* **Work item**
Exact copies of all the entries are required, and no pictures should appear in them.
Dataset extract Block Start
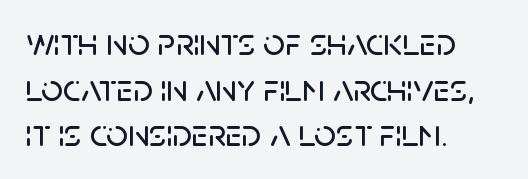
Q: Is the text italic (slanted)? A: No, it is upright.
Q: Is the typeface a serif or a sans-serif typeface? A: Sans-serif.
Q: Is the text underlined? A: No.
Q: How is the paragraph aligned? A: Left-aligned.
Q: Is the spacing between letters normal or unusually wide? A: Normal.
Q: Width (condensed, normal, or wide)? A: Normal.
Q: Stroke contrast? A: Low.
Q: x-height? A: Large.
Q: Monospaced? A: No.
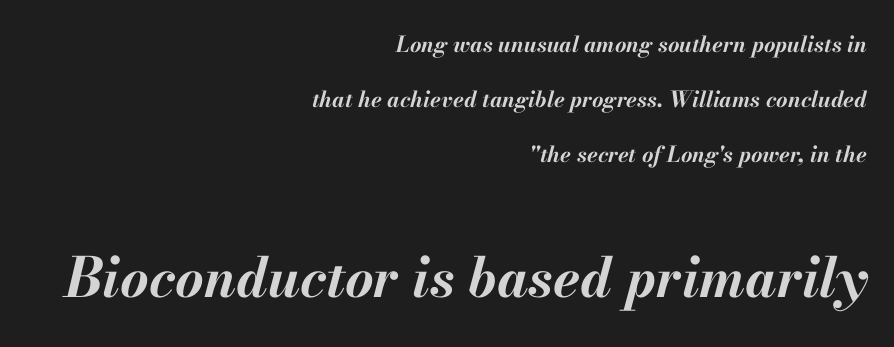
Q: Is the text bold? A: Yes.
Q: Is the text italic (slanted)? A: Yes, it leans right by about 13 degrees.
Q: Is the text underlined? A: No.
Q: How is the paragraph aligned? A: Right-aligned.
Q: Is the spacing between letters normal or unusually wide? A: Normal.
Q: Is the spacing between lines tight, normal or loose? A: Loose.
Q: Which block of text is set in a larger size, the first (top) or the second (bottom)? A: The second (bottom) one.
Q: Width (condensed, normal, or wide)? A: Normal.
Q: Stroke contrast? A: Medium.
Q: x-height? A: Small.
Q: Monospaced? A: No.
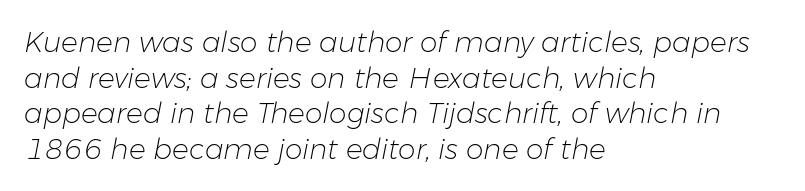
The horizontal fit of the characters is conventional and even. The passage shown is typed in a proportional face where columns would drift. The whole block is typeset with a tilt. Decoration check: the copy has no underline. Heaviness? Minimal to ordinary, like unemphasized prose. The compositor pushed each line to the left boundary.
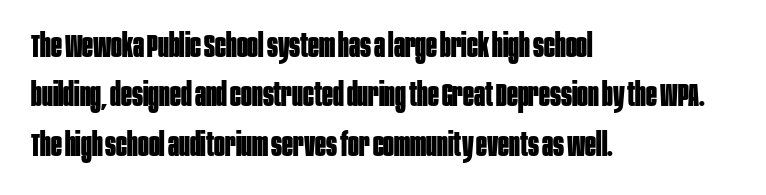
Q: Is the text bold? A: Yes.
Q: Is the text italic (slanted)? A: No, it is upright.
Q: Is the typeface a serif or a sans-serif typeface? A: Sans-serif.
Q: Is the text underlined? A: No.
Q: How is the paragraph aligned? A: Left-aligned.
Q: Is the spacing between letters normal or unusually wide? A: Normal.
Q: Is the spacing between lines tight, normal or loose? A: Normal.
Q: Width (condensed, normal, or wide)? A: Condensed.
Q: Stroke contrast? A: Low.
Q: x-height? A: Large.
Q: Monospaced? A: No.
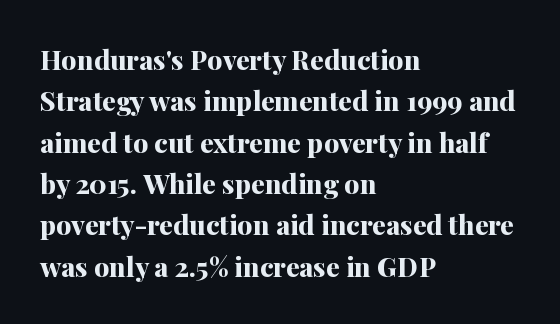
Q: Is the text bold? A: Yes.
Q: Is the text italic (slanted)? A: No, it is upright.
Q: Is the text underlined? A: No.
Q: How is the paragraph aligned? A: Left-aligned.
Q: Is the spacing between letters normal or unusually wide? A: Normal.
Q: Is the spacing between lines tight, normal or loose? A: Normal.
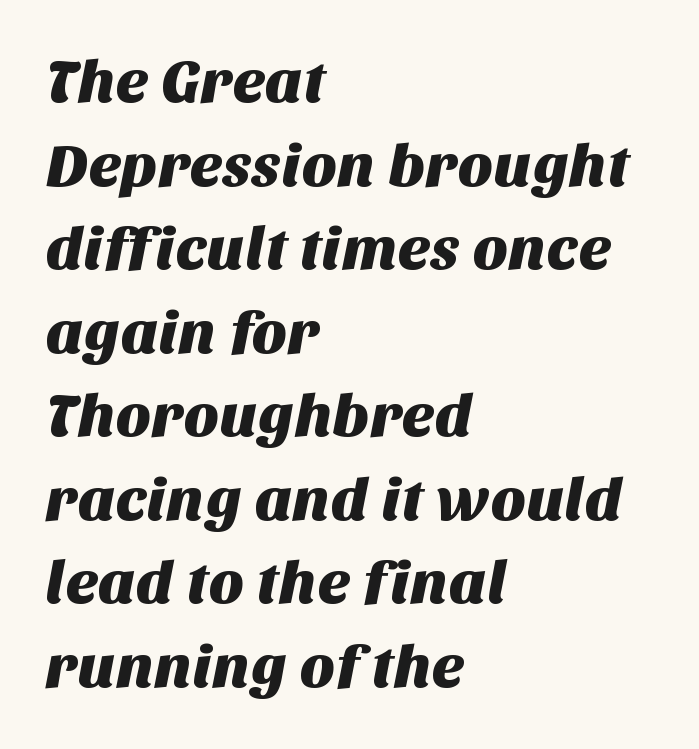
Dataset extract Block End
* **Result for this task**
Q: Is the text italic (slanted)? A: No, it is upright.
Q: Is the typeface a serif or a sans-serif typeface? A: Sans-serif.
Q: Is the text underlined? A: No.
Q: How is the paragraph aligned? A: Left-aligned.
Q: Is the spacing between letters normal or unusually wide? A: Normal.
Q: Width (condensed, normal, or wide)? A: Normal.
Q: Stroke contrast? A: Low.
Q: x-height? A: Large.
Q: Monospaced? A: No.
Q: Is the text bold? A: Yes.
Q: Is the text italic (slanted)? A: Yes, it leans right by about 13 degrees.
Q: Is the text underlined? A: No.
Q: How is the paragraph aligned? A: Right-aligned.
Q: Is the spacing between letters normal or unusually wide? A: Normal.
Q: Is the spacing between lines tight, normal or loose? A: Loose.
Q: Which block of text is set in a larger size, the first (top) or the second (bottom)? A: The second (bottom) one.
Q: Width (condensed, normal, or wide)? A: Normal.
Q: Stroke contrast? A: Medium.
Q: x-height? A: Small.
Q: Monospaced? A: No.
The horizontal fit of the characters is conventional and even. The passage shown is typed in a proportional face where columns would drift. The whole block is typeset with a tilt. Decoration check: the copy has no underline. Heaviness? Minimal to ordinary, like unemphasized prose. The compositor pushed each line to the left boundary.
Q: Is the text bold? A: Yes.
Q: Is the text italic (slanted)? A: No, it is upright.
Q: Is the typeface a serif or a sans-serif typeface? A: Sans-serif.
Q: Is the text underlined? A: No.
Q: How is the paragraph aligned? A: Left-aligned.
Q: Is the spacing between letters normal or unusually wide? A: Normal.
Q: Is the spacing between lines tight, normal or loose? A: Normal.
Q: Width (condensed, normal, or wide)? A: Condensed.
Q: Stroke contrast? A: Low.
Q: x-height? A: Large.
Q: Monospaced? A: No.
Q: Is the text bold? A: Yes.
Q: Is the text italic (slanted)? A: No, it is upright.
Q: Is the text underlined? A: No.
Q: How is the paragraph aligned? A: Left-aligned.
Q: Is the spacing between letters normal or unusually wide? A: Normal.
Q: Is the spacing between lines tight, normal or loose? A: Normal.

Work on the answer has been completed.